◆ **Activity**
Copy out every line of the listing in which "wolrd" appears.

◆ **Material for this task**

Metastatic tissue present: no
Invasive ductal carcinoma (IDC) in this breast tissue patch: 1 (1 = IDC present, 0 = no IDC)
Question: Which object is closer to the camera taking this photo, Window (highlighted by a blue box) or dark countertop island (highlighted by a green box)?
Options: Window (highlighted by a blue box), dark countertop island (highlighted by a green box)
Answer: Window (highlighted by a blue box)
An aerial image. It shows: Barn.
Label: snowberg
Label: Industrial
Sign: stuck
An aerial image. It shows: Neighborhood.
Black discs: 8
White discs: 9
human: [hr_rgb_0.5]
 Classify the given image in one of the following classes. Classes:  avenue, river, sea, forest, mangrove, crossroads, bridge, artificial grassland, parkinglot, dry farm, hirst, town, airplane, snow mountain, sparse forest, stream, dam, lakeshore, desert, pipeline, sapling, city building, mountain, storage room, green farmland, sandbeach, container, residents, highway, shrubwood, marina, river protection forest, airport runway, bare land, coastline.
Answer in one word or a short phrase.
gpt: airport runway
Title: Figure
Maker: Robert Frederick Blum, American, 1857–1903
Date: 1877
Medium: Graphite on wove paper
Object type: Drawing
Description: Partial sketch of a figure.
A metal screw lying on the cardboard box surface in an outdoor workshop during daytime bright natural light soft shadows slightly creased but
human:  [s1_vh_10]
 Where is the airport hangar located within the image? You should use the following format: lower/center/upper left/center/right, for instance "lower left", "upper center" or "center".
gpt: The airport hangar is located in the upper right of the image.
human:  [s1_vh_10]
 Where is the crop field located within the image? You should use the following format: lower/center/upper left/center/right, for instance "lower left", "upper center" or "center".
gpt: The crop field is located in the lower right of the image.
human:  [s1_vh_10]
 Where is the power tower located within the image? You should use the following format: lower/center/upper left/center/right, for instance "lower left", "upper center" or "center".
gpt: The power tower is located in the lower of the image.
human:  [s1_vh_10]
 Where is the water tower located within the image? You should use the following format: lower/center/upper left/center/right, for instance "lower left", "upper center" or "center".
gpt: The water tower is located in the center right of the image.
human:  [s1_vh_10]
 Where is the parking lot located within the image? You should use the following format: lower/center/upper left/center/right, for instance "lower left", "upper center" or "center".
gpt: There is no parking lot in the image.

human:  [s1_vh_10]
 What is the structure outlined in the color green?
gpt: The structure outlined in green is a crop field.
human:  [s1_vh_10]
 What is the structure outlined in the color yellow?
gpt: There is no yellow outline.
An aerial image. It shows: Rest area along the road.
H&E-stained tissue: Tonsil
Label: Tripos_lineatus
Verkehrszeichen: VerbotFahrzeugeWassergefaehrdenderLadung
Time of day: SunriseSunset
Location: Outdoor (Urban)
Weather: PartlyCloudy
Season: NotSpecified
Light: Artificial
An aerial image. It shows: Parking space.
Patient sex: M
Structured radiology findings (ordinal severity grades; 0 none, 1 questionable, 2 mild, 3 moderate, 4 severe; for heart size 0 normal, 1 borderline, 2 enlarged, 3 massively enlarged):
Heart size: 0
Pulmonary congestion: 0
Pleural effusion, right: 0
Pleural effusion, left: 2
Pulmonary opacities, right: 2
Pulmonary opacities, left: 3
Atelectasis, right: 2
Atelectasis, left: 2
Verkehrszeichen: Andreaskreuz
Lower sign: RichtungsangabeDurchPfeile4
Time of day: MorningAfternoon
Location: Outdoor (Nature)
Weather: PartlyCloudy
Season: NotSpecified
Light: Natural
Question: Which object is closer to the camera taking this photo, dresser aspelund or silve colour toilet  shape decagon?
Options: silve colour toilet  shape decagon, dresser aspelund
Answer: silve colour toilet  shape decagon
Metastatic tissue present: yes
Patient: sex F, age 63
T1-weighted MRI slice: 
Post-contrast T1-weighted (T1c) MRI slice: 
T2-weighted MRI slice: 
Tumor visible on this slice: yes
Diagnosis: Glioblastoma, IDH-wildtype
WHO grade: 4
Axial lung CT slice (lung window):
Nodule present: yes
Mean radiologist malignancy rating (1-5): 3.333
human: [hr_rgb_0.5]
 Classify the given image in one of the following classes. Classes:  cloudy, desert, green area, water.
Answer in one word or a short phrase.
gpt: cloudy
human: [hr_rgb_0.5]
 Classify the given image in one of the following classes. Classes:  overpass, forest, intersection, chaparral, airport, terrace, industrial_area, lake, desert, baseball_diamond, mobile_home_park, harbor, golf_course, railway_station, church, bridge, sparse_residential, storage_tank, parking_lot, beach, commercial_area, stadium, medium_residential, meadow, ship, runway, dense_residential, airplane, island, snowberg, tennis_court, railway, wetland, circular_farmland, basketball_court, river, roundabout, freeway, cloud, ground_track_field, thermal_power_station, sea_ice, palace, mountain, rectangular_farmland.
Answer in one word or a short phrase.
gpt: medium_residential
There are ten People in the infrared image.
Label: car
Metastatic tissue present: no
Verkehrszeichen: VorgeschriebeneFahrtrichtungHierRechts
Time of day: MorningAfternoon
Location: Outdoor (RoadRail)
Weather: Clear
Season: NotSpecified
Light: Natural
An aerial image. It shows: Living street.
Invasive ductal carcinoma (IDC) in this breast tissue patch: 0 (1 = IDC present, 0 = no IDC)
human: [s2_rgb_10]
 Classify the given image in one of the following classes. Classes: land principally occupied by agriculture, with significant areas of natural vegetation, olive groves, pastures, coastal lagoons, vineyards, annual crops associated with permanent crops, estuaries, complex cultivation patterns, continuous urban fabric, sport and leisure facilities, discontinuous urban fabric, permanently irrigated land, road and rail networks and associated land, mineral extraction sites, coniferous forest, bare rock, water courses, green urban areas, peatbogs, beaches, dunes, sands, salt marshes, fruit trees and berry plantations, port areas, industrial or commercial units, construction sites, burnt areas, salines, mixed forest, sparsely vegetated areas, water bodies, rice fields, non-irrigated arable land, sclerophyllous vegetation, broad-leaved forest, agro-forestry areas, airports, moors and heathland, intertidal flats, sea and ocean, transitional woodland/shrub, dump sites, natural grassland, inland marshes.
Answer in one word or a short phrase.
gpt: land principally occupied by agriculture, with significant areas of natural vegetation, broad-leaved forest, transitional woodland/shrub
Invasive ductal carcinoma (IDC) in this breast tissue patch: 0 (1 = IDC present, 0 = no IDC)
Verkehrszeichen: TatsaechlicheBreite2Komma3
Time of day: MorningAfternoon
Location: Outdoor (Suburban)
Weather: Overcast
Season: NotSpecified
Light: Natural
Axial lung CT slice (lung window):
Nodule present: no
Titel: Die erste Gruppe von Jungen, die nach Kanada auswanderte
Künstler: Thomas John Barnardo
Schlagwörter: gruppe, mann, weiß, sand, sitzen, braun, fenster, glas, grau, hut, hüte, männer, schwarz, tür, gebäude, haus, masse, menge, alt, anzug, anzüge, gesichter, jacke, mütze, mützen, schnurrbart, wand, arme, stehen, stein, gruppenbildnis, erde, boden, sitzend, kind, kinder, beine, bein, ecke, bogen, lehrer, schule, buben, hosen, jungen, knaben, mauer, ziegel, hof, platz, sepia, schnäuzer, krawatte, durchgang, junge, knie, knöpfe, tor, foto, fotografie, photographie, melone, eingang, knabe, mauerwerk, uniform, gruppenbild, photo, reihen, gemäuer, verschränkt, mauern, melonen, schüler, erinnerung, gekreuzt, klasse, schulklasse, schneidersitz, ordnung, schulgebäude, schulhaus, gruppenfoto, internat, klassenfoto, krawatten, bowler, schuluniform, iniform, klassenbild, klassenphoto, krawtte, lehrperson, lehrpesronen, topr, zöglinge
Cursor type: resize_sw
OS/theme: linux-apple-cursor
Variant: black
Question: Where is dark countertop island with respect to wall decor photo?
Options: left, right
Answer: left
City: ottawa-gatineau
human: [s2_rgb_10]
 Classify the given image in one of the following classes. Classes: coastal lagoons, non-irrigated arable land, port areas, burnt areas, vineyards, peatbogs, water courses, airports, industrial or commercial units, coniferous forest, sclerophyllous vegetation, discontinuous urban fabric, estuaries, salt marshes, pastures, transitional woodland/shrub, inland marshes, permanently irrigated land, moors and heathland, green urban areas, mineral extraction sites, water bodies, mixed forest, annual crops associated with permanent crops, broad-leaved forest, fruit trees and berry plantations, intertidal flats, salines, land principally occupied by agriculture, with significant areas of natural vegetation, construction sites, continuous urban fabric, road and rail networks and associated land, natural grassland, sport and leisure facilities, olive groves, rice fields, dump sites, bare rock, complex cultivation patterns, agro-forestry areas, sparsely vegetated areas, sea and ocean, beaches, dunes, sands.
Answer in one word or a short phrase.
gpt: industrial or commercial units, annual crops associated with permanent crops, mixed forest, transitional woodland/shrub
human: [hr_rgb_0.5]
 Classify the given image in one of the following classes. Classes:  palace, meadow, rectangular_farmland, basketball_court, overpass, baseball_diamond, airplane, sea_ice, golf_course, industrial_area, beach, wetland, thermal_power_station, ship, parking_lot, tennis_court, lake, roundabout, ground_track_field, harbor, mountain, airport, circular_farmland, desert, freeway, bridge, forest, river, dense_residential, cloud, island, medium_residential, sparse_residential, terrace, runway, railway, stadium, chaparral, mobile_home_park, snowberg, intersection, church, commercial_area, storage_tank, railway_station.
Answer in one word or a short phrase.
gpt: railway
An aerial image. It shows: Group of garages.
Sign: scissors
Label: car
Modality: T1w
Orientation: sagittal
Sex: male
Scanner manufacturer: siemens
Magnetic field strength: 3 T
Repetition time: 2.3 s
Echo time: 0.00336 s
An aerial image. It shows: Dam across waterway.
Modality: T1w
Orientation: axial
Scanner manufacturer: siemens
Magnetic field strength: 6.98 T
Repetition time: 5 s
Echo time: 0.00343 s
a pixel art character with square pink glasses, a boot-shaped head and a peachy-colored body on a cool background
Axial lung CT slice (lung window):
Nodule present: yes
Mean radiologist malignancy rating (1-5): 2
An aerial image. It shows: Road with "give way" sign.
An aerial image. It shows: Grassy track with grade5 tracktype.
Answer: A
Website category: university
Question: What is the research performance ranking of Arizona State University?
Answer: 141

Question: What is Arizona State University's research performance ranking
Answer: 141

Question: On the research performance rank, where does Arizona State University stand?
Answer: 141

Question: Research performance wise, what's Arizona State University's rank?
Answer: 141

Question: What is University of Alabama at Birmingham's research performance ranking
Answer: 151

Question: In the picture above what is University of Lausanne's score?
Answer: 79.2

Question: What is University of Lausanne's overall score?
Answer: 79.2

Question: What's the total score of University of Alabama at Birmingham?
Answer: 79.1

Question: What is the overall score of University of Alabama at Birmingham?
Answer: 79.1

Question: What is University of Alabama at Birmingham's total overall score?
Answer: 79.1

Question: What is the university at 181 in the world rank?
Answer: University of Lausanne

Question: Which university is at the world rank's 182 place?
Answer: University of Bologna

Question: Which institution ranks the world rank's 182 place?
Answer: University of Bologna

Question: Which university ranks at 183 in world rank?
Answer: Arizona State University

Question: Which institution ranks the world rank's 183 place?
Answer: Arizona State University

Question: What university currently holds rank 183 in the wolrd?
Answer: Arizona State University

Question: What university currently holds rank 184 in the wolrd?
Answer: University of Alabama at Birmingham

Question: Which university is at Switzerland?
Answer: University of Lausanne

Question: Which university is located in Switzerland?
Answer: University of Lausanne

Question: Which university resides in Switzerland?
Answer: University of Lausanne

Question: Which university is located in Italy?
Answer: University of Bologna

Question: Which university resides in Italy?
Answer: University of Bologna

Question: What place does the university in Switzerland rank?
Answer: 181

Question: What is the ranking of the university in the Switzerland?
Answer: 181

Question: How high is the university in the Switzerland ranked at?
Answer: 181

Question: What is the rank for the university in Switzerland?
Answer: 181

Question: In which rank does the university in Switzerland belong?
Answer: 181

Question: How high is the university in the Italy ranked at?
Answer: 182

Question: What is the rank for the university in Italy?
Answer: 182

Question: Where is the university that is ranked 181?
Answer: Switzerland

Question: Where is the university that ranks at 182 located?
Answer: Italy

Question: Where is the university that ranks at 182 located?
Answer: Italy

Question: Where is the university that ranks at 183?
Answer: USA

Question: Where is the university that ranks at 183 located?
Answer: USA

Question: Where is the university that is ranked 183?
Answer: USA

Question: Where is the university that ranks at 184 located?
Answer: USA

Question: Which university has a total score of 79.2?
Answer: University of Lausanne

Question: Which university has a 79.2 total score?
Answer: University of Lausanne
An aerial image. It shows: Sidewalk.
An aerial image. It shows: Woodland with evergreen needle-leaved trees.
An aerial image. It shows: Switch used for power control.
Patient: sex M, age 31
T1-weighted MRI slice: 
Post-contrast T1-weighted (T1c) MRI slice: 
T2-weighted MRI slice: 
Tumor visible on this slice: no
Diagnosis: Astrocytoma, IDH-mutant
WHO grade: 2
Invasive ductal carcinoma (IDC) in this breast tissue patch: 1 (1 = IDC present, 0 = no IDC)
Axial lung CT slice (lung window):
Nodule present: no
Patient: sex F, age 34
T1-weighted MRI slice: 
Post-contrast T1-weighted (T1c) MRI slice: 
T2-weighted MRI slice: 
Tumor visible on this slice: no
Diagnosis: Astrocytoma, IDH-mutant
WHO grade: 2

◆ **Response**
Question: What university currently holds rank 183 in the wolrd?
Question: What university currently holds rank 184 in the wolrd?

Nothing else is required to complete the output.